As the leader of a philanthropy whose founder recognized early on the value of nurses to his own medical care and to healthcare writ large, I welcomed last year's Institute of Medicine report, The Future of Nursing: Leading Change, Advancing Health, with great expectation. In the coming years, our nation's healthcare system will serve 32 million newly insured Americans as well as rapidly increasing numbers of seniors and people with chronic conditions. And it will do so in the context of changing models and settings for care delivery.
Greater teamwork among clinicians, foundations to improve nursing profession
Our foundation has long believed that a highly capable nursing workforce is critical to providing accessible, quality care. To meet the healthcare needs of all Americans, we must strengthen the nursing profession at all levels, from the front lines to the executive ranks. That is precisely why we partnered with the institute on this report, which quickly joined other institute studies on the quality of care, medical errors and public health as a landmark document.

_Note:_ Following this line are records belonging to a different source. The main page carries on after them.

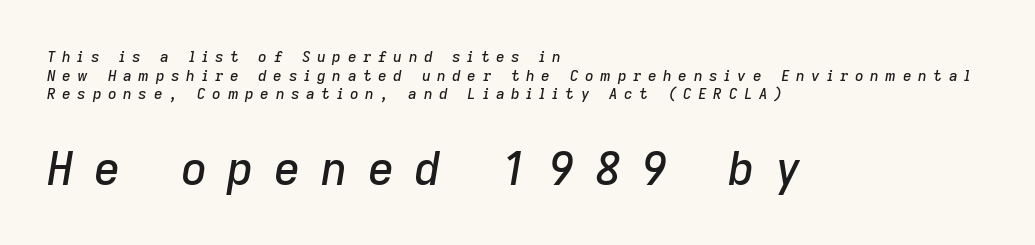
The image shows 46 px text type, italic (leaning right); set left-aligned, line spacing 1.24x, unusually wide letter spacing (+0.44 em), not underlined; the second (bottom) block is 3.07x larger; low stroke contrast and a medium x-height.
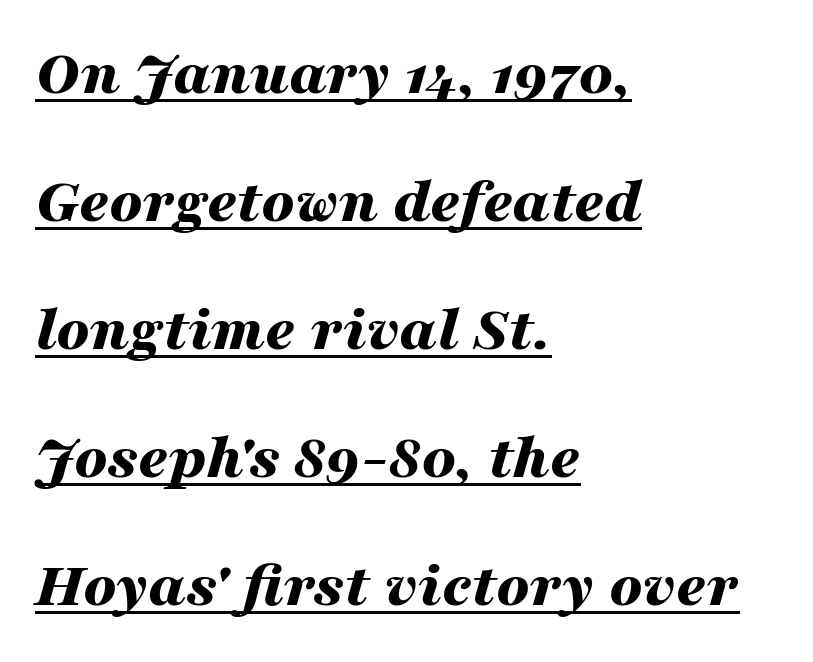
Q: Is the text bold? A: Yes.
Q: Is the text italic (slanted)? A: Yes, it leans right by about 16 degrees.
Q: Is the text underlined? A: Yes.
Q: How is the paragraph aligned? A: Left-aligned.
Q: Is the spacing between letters normal or unusually wide? A: Normal.
Q: Is the spacing between lines tight, normal or loose? A: Loose.
Q: Width (condensed, normal, or wide)? A: Wide.
Q: Stroke contrast? A: Medium.
Q: x-height? A: Medium.
Q: Monospaced? A: No.
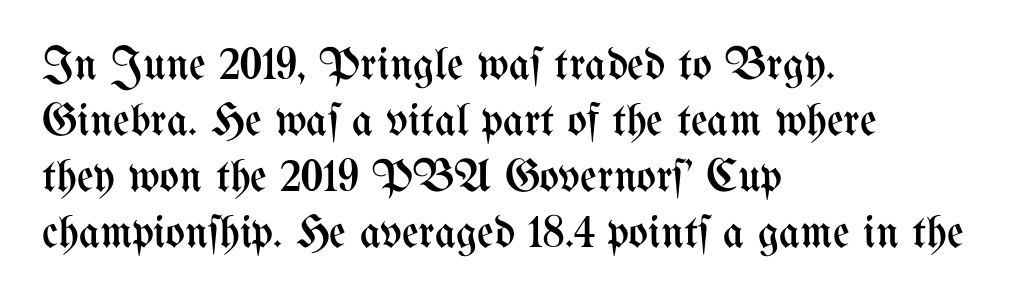
Q: Is the text bold? A: No.
Q: Is the text italic (slanted)? A: No, it is upright.
Q: Is the text underlined? A: No.
Q: How is the paragraph aligned? A: Left-aligned.
Q: Is the spacing between letters normal or unusually wide? A: Normal.
Q: Width (condensed, normal, or wide)? A: Condensed.
Q: Stroke contrast? A: Medium.
Q: x-height? A: Medium.
Q: Monospaced? A: No.
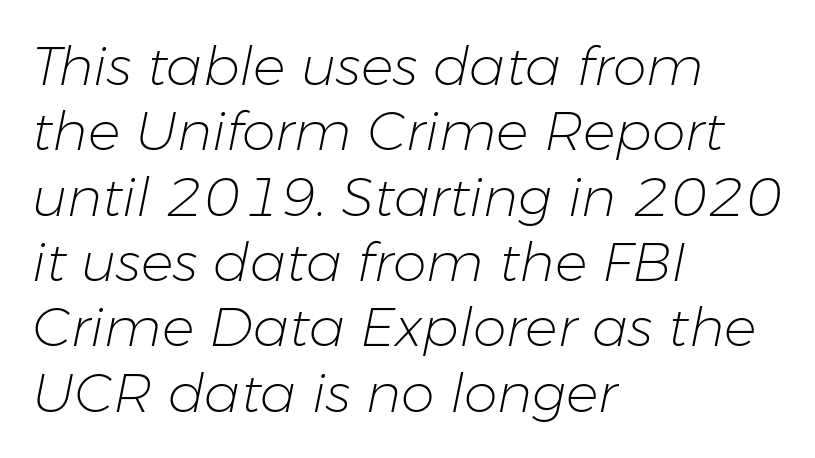
{"italic": "yes", "lean": "right", "slant_degrees": 11, "bold": "no", "weight": "light", "width": "normal", "stroke_contrast": "low", "x_height": "medium", "monospaced": "no", "underline": "no", "align": "left", "line_spacing_ratio": 1.21, "letter_spacing": "normal", "letter_spacing_em": 0.0, "glyph_px": 54}
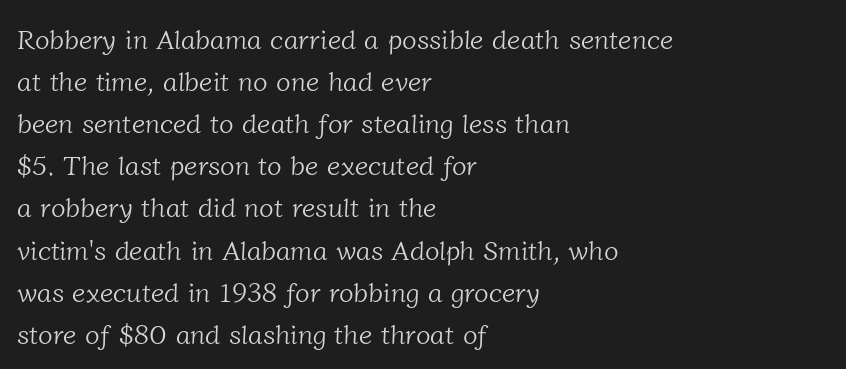
The image shows 27 px text type; set left-aligned, normal line spacing (1.56x), normal letter spacing, not underlined.
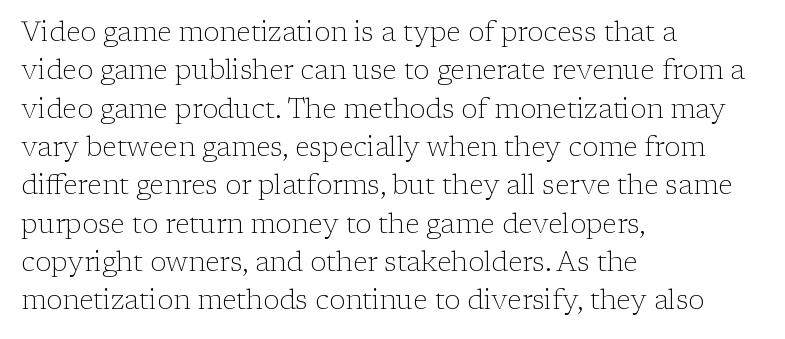
Q: Is the text bold? A: No.
Q: Is the text italic (slanted)? A: No, it is upright.
Q: Is the text underlined? A: No.
Q: How is the paragraph aligned? A: Left-aligned.
Q: Is the spacing between letters normal or unusually wide? A: Normal.
Q: Is the spacing between lines tight, normal or loose? A: Normal.
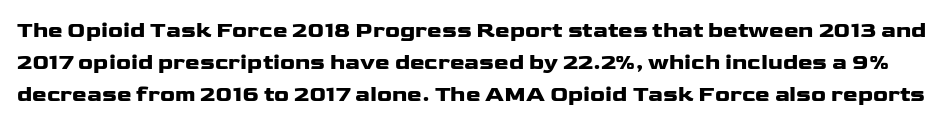
{"italic": "no", "bold": "yes", "underline": "no", "line_spacing": "normal", "line_spacing_ratio": 1.46, "letter_spacing": "normal", "letter_spacing_em": 0.0, "glyph_px": 22}
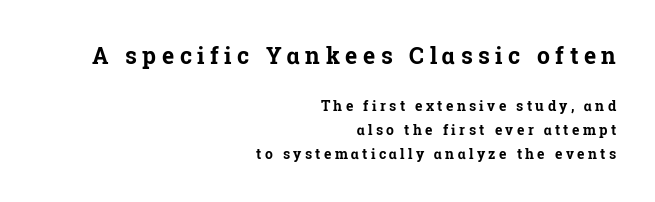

We knew when The Future of Nursing was released that it held immense potential to illuminate the ways in which nurses could help to address the healthcare challenges we confront. It concluded that the full capacity of the nursing workforce had to be tapped. To effect that, it recommended changes within nursing education, scope of practice, interprofessional collaboration and leadership.
A year later, we are witnessing the report's impact through initiatives across the country. Yet truly realizing the report's promise—for nursing, for the healthcare system and for patients—will require sustained action. I am talking about new, even visionary ways of educating, training and utilizing nurses and other providers that put patients front and center.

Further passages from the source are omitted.